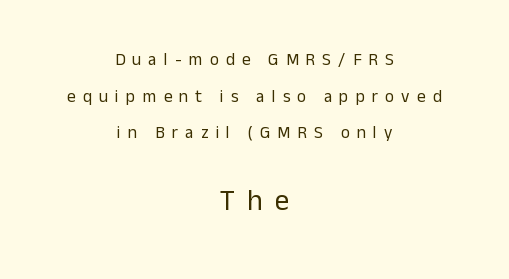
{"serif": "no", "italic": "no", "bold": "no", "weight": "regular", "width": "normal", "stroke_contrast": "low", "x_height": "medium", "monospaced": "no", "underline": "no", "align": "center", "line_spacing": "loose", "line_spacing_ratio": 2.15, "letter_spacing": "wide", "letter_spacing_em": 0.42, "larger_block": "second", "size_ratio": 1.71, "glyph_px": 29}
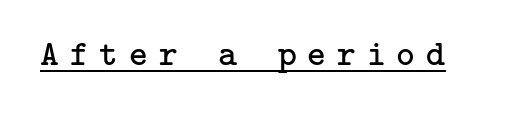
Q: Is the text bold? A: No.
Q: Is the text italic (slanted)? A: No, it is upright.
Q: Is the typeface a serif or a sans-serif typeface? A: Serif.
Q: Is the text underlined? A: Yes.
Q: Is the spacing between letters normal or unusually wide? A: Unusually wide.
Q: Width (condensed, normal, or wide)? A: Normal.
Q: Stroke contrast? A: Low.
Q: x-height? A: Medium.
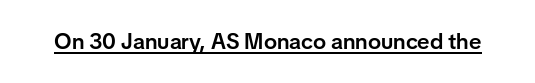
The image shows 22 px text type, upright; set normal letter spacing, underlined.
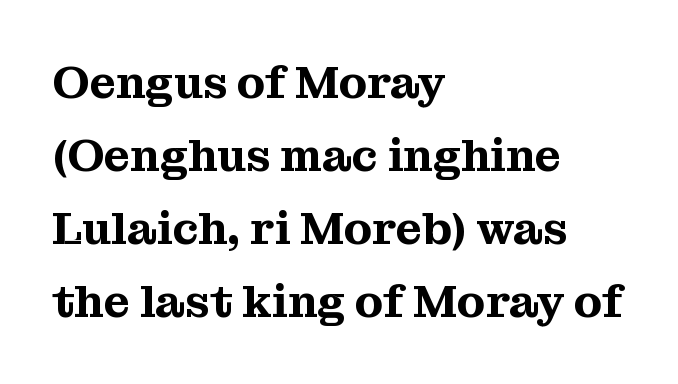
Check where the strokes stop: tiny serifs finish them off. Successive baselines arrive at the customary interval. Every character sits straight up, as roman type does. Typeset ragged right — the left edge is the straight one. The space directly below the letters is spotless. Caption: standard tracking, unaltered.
* * *
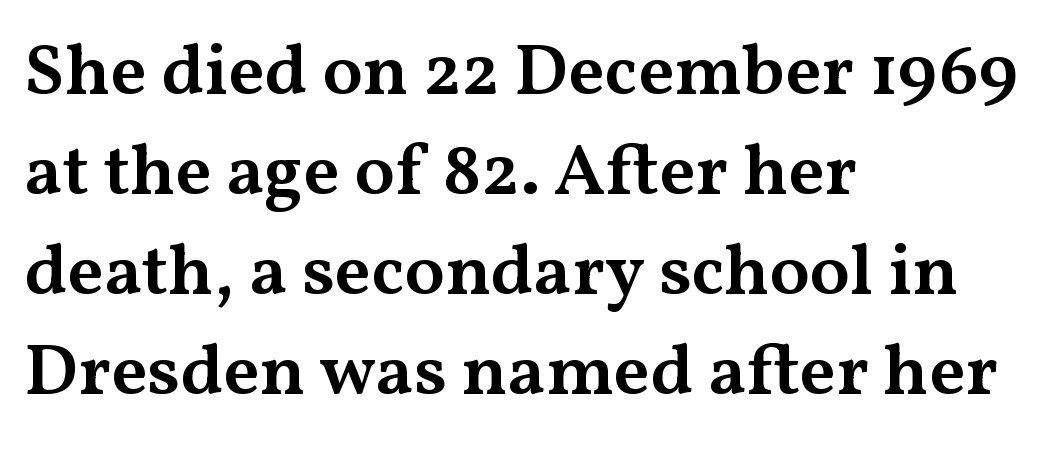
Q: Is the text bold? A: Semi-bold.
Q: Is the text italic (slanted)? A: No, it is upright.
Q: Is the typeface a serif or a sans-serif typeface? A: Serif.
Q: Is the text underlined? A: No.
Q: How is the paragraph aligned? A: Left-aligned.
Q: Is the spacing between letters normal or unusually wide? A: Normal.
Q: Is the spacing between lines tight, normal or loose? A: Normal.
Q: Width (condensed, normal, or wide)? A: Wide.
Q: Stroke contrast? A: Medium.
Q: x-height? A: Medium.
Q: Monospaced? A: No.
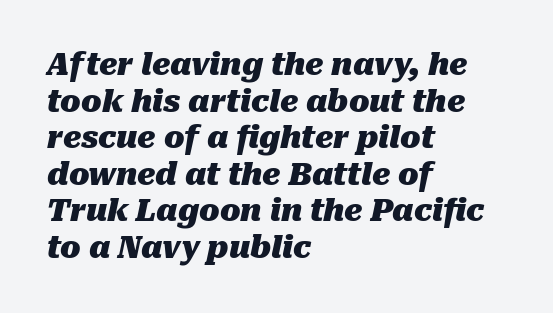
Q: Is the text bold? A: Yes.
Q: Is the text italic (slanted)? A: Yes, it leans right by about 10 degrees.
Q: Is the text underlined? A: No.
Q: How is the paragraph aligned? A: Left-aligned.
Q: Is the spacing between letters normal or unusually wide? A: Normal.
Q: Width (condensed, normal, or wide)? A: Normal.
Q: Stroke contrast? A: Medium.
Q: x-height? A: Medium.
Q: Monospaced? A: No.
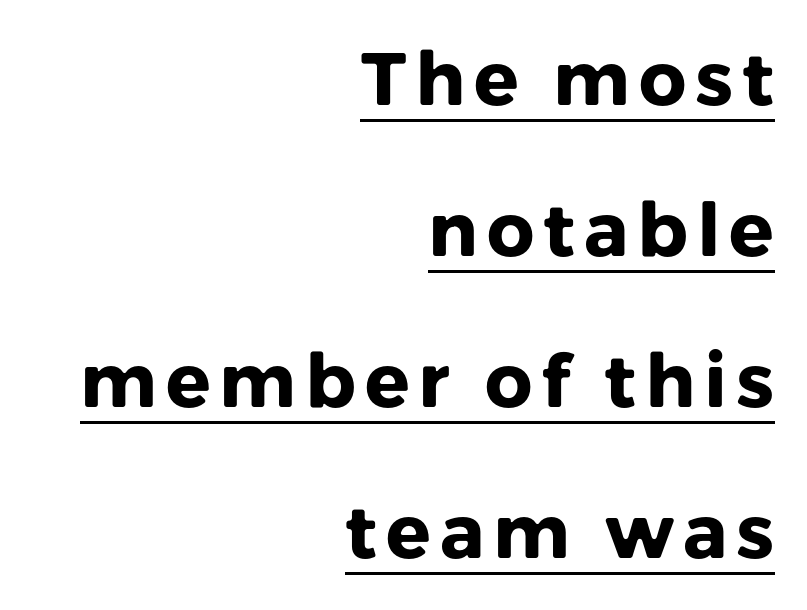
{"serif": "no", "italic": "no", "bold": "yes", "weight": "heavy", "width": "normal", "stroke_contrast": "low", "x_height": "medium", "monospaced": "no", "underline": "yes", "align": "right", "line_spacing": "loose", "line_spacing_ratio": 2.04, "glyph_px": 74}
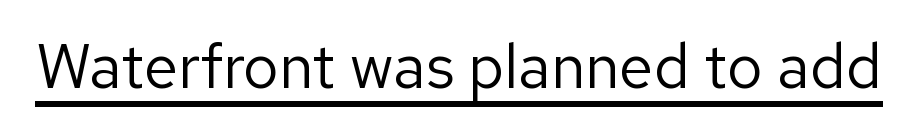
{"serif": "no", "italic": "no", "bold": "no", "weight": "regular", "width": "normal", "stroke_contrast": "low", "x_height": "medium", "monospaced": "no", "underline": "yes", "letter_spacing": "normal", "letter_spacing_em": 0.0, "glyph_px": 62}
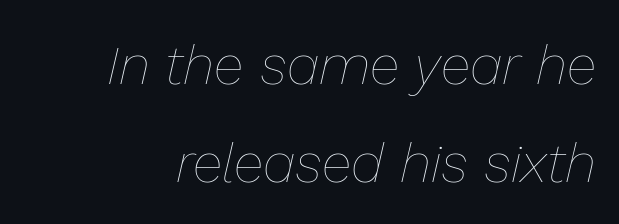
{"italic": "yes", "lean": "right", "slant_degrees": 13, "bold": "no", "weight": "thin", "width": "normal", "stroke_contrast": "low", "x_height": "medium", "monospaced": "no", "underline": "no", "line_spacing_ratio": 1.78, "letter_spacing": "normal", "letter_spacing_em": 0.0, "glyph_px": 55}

Work item: An answer is complete only when it holds every line above containing the string "underlined".

Answer section:
Q: Is the text underlined? A: Yes.
The image shows 22 px text type, upright; set normal letter spacing, underlined.
Q: Is the text underlined? A: No.
Q: Is the text underlined? A: No.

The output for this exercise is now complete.